Concern about OpenAI Whisper Medical Transcription Accuracy

Despite warnings from OpenAI against using their voice to text technology in high-stakes applications, over 30,000 medical professionals have employed OpenAI’s Whisper-based tools to transcribe patient visits. In order to maintain privacy, the original audio files are deleted. That’s already a red flag in any healthcare audit trail. 

On top of that, shocking percentages of inaccuracies in these AI-generated notes are raising alarms about potential risks to patient safety and medical record integrity. While fine-tuned for medical terminology, OpenAI has acknowledged the AI may still “confabulate” or make up information. 

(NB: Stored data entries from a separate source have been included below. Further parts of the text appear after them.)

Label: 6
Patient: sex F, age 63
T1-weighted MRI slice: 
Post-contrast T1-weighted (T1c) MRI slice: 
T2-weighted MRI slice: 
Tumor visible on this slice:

In some of the data reviews from outside consultants, error rates in the AI transcripts ranged anywhere from 10 to 60% plus. As a statistical range, the width of that gap is astounding and I’m mystified that it’s not being talked about more vocally. Especially by the impacted patients and providers that were on the higher end of the error range. 

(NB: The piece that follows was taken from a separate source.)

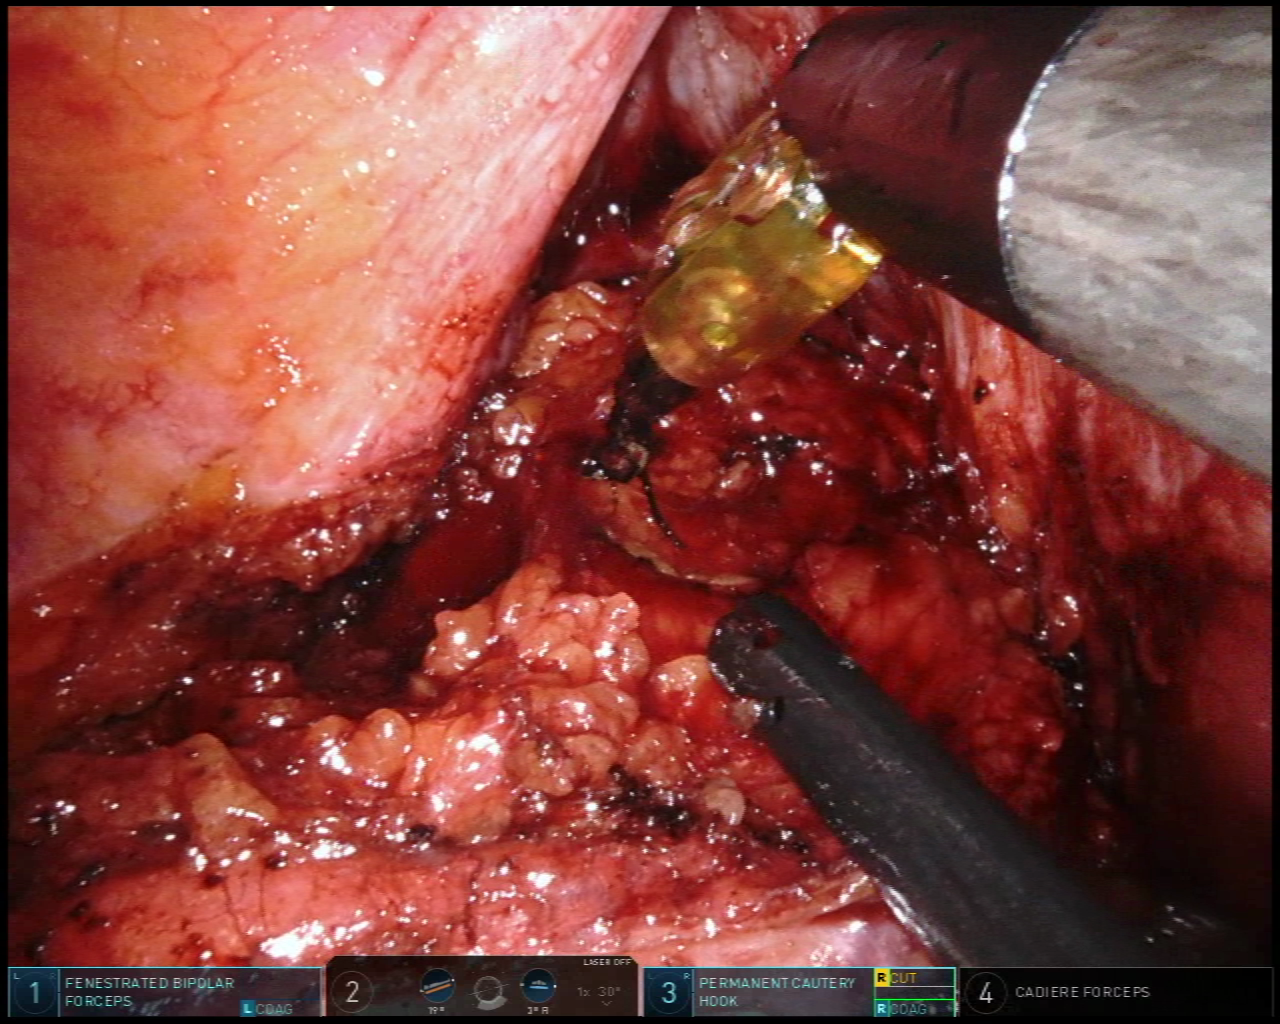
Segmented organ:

As Whisper and similar AI tools become more prevalent in healthcare, it’s vital to validate their accuracy, maintain human oversight, and ensure sensitive patient data is protected. The convenience of AI must be balanced with the utmost standards of safety and reliability. 

Building trust in these systems is vital and misses like this stand to set back thinking around possibilities in industries outside of healthcare.

In an upcoming webinar I’m doing with Larry Trotter II, we’re going to talk about the risks of rushing into AI deployments without securing them first. It takes significant work in health companies to ensure they’re meeting member or patient expectations while also maintaining the letter of the law under HHS and FTC regulations. 

In a prep conversation we recently had, we talked about the Whisper news and Larry was quick to point out that OpenAI clearly states the tool is not intended for high-risk use cases, like health care transcription.

Video Transcript:

Keith Boswell: So Larry, I’ve got a little bit of an audible question, but I think you probably read about it just because I know it was in the news this week. About Open AI and the Whisper transcription errors that they’re uncovering.

So Open AI’s technology for voice to text is called Whisper. Because it was so promising in the earliest days, was adopted by thousands of healthcare organizations. And now they’re coming back in and they’re auditing those transcripts and they’re, in some cases, some offices have transcript error rates as high as 60 percent wrong being captured.

Notes being added about things that were not discussed. I mean, hallucination of the worst kind, that you, just imagine like this can’t still be happening.

It seems like it’s really happening in mass with Whisper. And I have a feeling this is going to be a little bit of an albatross around Open AI, because so many people have put so much trust in this technology. They’re running it in the clinics. Uh, what do you mean? 

Larry Trotter: I wouldn’t blame Open AI for that because they have a disclaimer on their website that our systems hallucinate essentially provide accurate information. I think this goes back to what I was saying, where these systems are definitely going to revolutionize the industry, but we need to make sure that they’re safe when we’re bringing them on or bringing them within the ecosystem.

And this is a clear example where providers and other types of institutions are adopting these devices, but not aren’t really doing risk assessments on these devices and this is what we’re finding.

And with any type of technology, I mean heck, We still have problems with the internet, right? And that’s been going on for how long you have to verify the information that’s provided at the least. If you’re not going to do a risk assessment, which I don’t recommend, but with any type of technology, you have to do your due diligence with the outcome.

Keith Boswell: Yeah, you’re absolutely right. And that’s a great point. OpenAI definitely lets people know where the technology is. It’s all in their disclaimers. But I also, it’s a really powerful point that so many of these organizations, when they hear automatic transcription, like they’re not even thinking, let’s check it.

They’re just jumping to “that would save me so much time”. 

Larry Trotter: Right. Yes. That’s it. It’s pretty much about efficiency and because of the burnout within health care. That’s one of the biggest reasons for adopting AI and the repercussions aren’t considered as well.